The nearest of them turned her head and met my stare again. Not to offer me anything – it was not an open look – but to confirm that I was looking at her. Nevertheless it opened up something. A flash of something like happiness. Then, as I went to the cash desk to pay, the thunder of consciousness followed. I was thirty-three years old. A grown man. Why was I thinking as if I was still twenty? When would these youthful fancies leave me? When my father was thirty-three he had a son of thirteen and one of nine, he had a house and a car and a job, and in photos of him from that time he looked like a man, and from what I could remember he also behaved like a man, I thought as I stepped up to the counter. Placed a warm hand on the cool marble surface. The assistant rose from a chair and came over to take payment.

‘How much is it?’ I asked in Norwegian.


Ursäkta?

I sighed.

‘What does it cost?’

She glanced at the screen in front of her.

‘Ten,’ she said.

I handed her a creased twenty-krone note.

‘That’s fine,’ I said, walking away before she had a chance to answer with another
Ursäkta?
, which this country seemed to be awash with. The clock on the wall in the main concourse said six minutes to five. I took up my old position and watched the people hanging around the rail. As none of them fitted the little I had to go on I allowed my gaze to wander among those walking through the station. From the kiosk on the other side came a short man with a large head and an appearance so unusual I couldn’t take my eyes off him.
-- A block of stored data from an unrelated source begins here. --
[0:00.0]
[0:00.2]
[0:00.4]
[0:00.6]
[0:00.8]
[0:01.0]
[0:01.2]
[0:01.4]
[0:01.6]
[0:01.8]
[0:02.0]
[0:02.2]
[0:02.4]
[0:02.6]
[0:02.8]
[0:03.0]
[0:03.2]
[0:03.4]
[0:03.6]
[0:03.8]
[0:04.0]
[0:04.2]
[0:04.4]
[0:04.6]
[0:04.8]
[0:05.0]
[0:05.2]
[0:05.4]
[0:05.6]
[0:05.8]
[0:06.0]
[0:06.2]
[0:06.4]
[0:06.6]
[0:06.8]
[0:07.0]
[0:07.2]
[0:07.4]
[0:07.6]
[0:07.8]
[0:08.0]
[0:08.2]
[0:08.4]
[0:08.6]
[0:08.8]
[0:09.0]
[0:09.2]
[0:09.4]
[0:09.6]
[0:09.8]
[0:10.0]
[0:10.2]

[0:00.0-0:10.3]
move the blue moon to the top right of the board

He was in his fifties, his hair was a yellowish colour, his face broad, nose large, mouth slightly askew and his eyes were small. He looked like a gnome. But he was dressed in a suit and coat, in one hand he held an elegant leather briefcase, tucked under his arm he had a newspaper, and perhaps another personality was thrusting forth beneath the metropolitan exterior, which meant that my eyes were glued to him until he disappeared down the stairs to the platforms where the commuter trains departed. Suddenly, again, I saw how old everything was. Backs, hands, feet, heads, ears, hair, nails: every single part of the bodies streaming through the concourse was old. The buzz of voices rising from them was old. Even their pleasure was old, even the wishes and expectations of what the future would bring were old. Yet new, for us the future was new, for us it belonged to our time, belonged to the queue of waiting taxis outside, belonged to the coffee machines on the tables in the cafés, belonged to the shelves of magazines in the kiosks, belonged to the mobiles and iPods, the Goretex coats and laptops carried in their bags through the station and into trains, belonged to the trains and automatic doors, to the ticket machines and illuminated boards with changing destinations. Old age had no place here. Yet it completely dominated everything.
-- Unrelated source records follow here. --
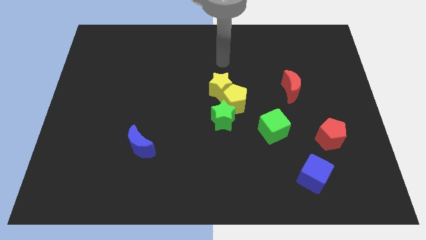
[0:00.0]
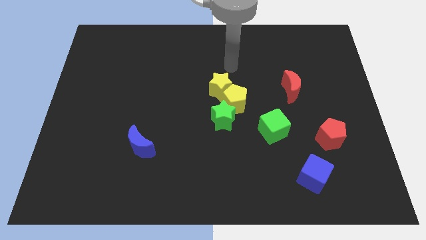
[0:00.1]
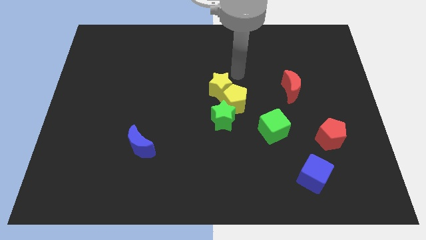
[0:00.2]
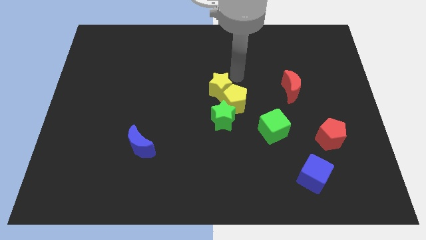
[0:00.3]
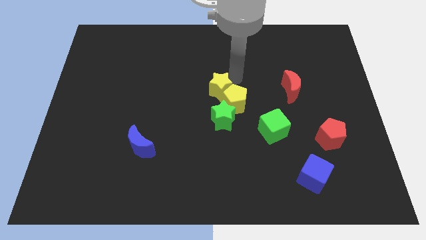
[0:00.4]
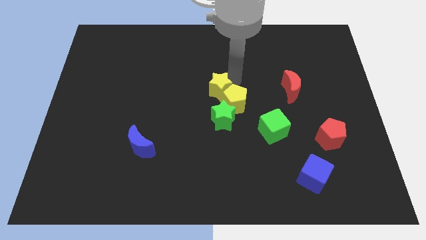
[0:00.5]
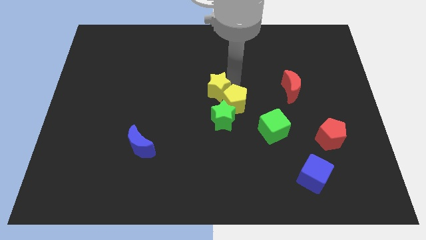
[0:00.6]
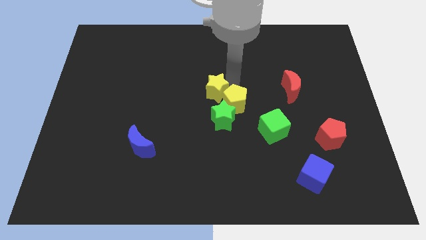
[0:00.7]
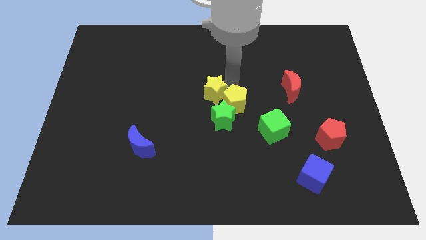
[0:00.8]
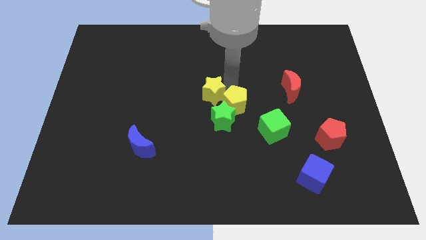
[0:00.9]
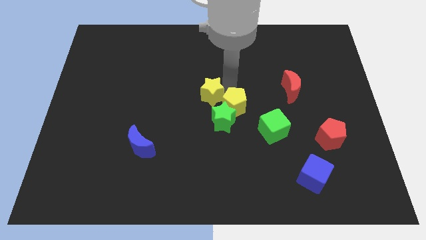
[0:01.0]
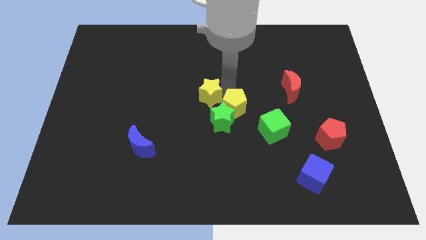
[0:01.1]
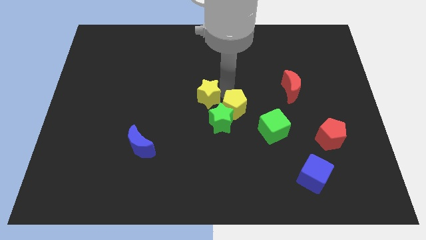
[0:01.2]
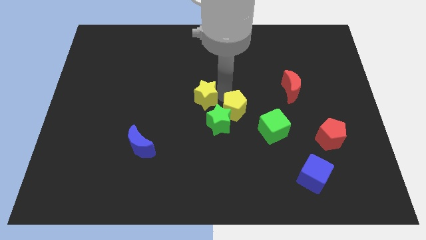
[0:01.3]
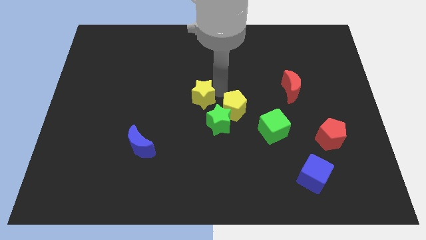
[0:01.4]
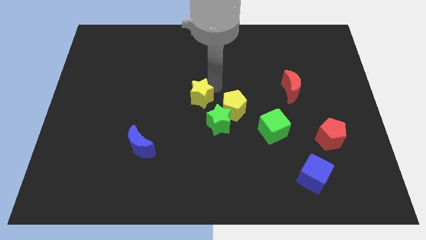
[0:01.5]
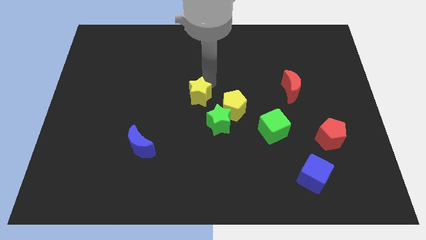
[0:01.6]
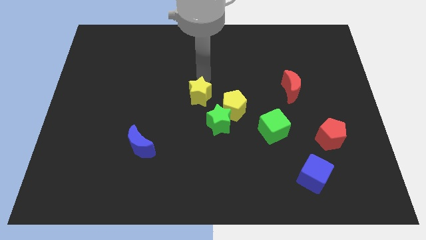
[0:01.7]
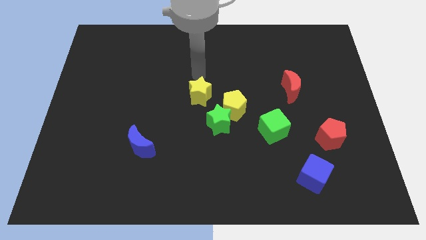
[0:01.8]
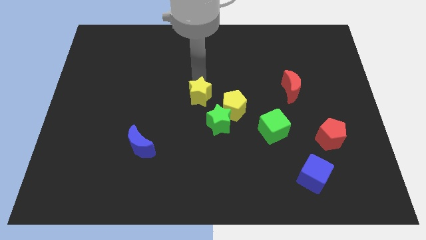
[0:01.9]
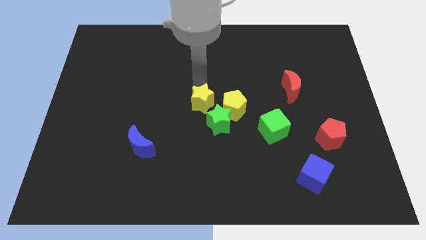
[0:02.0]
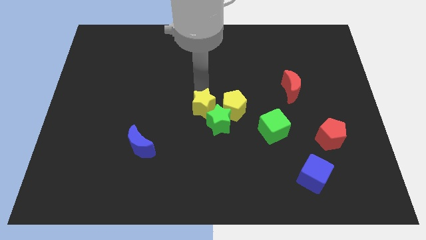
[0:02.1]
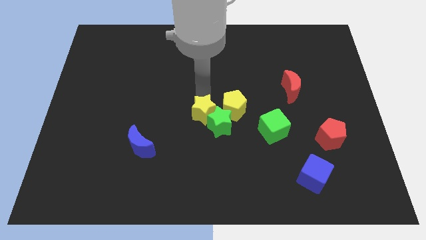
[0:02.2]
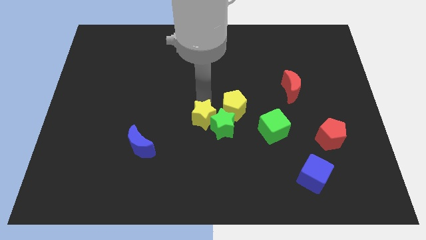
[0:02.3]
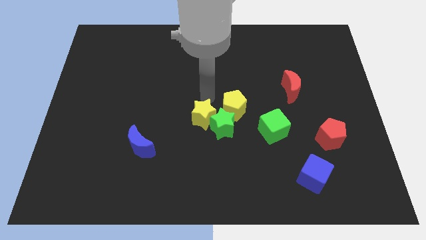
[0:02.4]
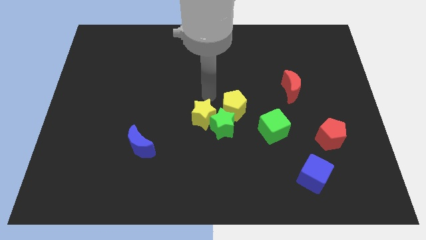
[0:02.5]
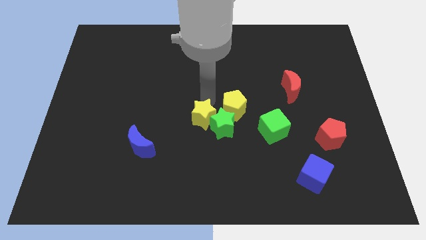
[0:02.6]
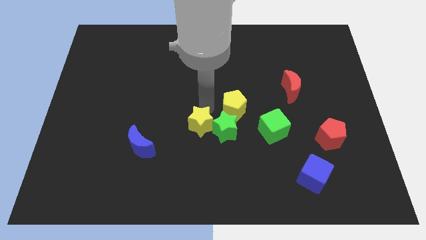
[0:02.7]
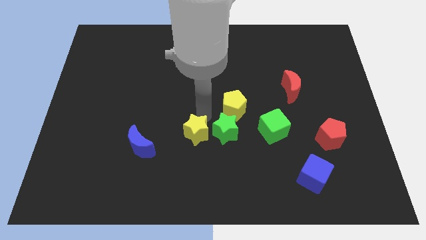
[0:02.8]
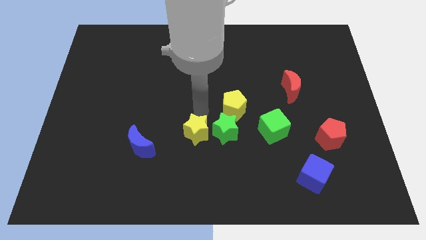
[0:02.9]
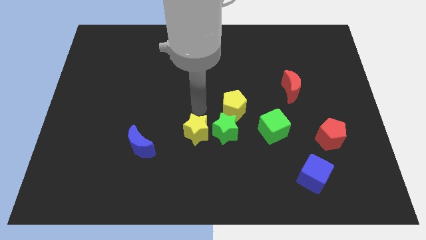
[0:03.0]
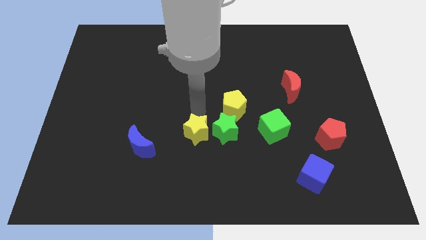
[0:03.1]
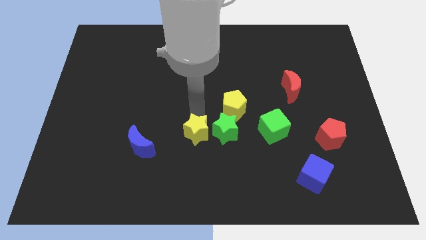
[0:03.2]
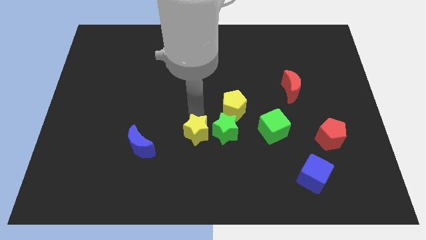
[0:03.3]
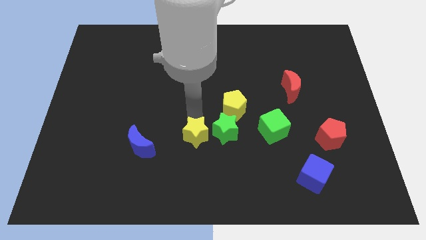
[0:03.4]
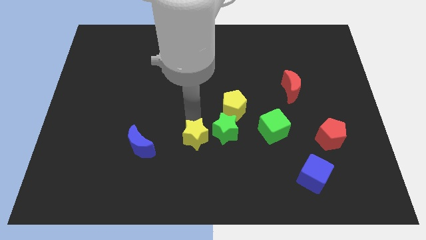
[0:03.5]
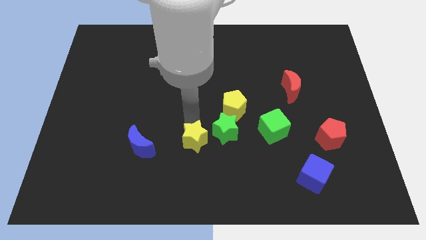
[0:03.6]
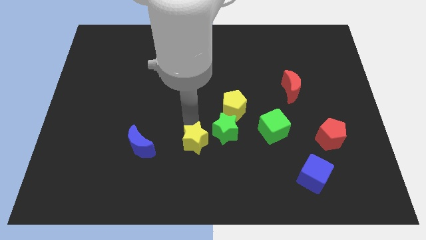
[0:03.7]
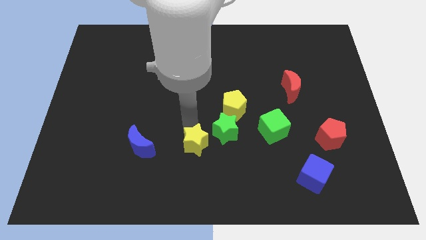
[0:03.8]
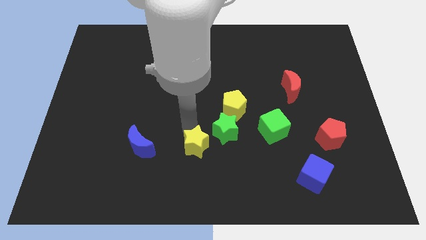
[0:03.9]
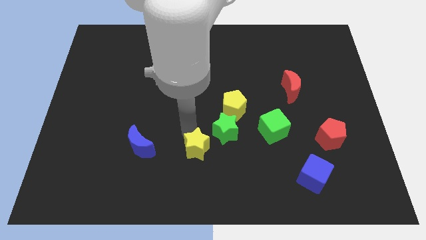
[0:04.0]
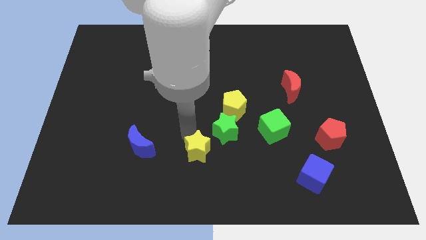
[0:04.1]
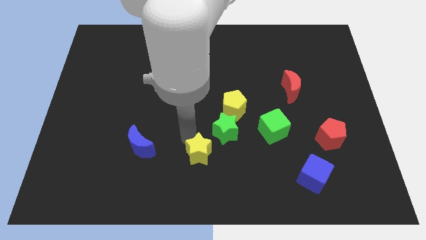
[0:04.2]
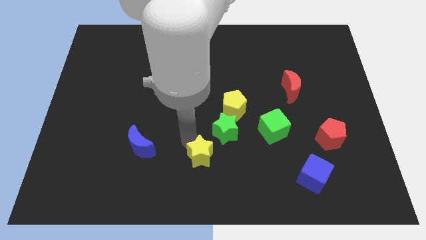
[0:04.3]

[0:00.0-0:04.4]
slide the yellow star to the bottom side

What a terrible thought that was.

I stuck a hand in my pocket to check the locker keys were there. They were. Then I patted my chest to feel for my credit card. It was there.

In the thronging masses before me a familiar face appeared. My heart beat faster. But it wasn’t Geir, it was someone else. An even more remote acquaintance. A friend of a friend? Someone I had gone to school with?

I grinned as it clicked. It was the man from Burger King. He stopped and looked at the departures board. Between the thumb and first finger of the hand carrying the briefcase he was holding a ticket. As he checked the time on the board with the time on his ticket he raised the whole briefcase towards his face.

I glanced at the clock at the end of the concourse. Two minutes to. If Geir was as punctual as I assumed, he should be somewhere in the station by now, and I systematically scanned all the figures in the approaching crowd. First left, then right.

There.

Surely that had to be Geir?

Yes. It was. I remembered the face when I saw it. And he was not only walking towards me, he also had his eyes fixed on me.

I smiled, wiped my palm over my thigh as discreetly as I could, and reached out as he stopped in front of me.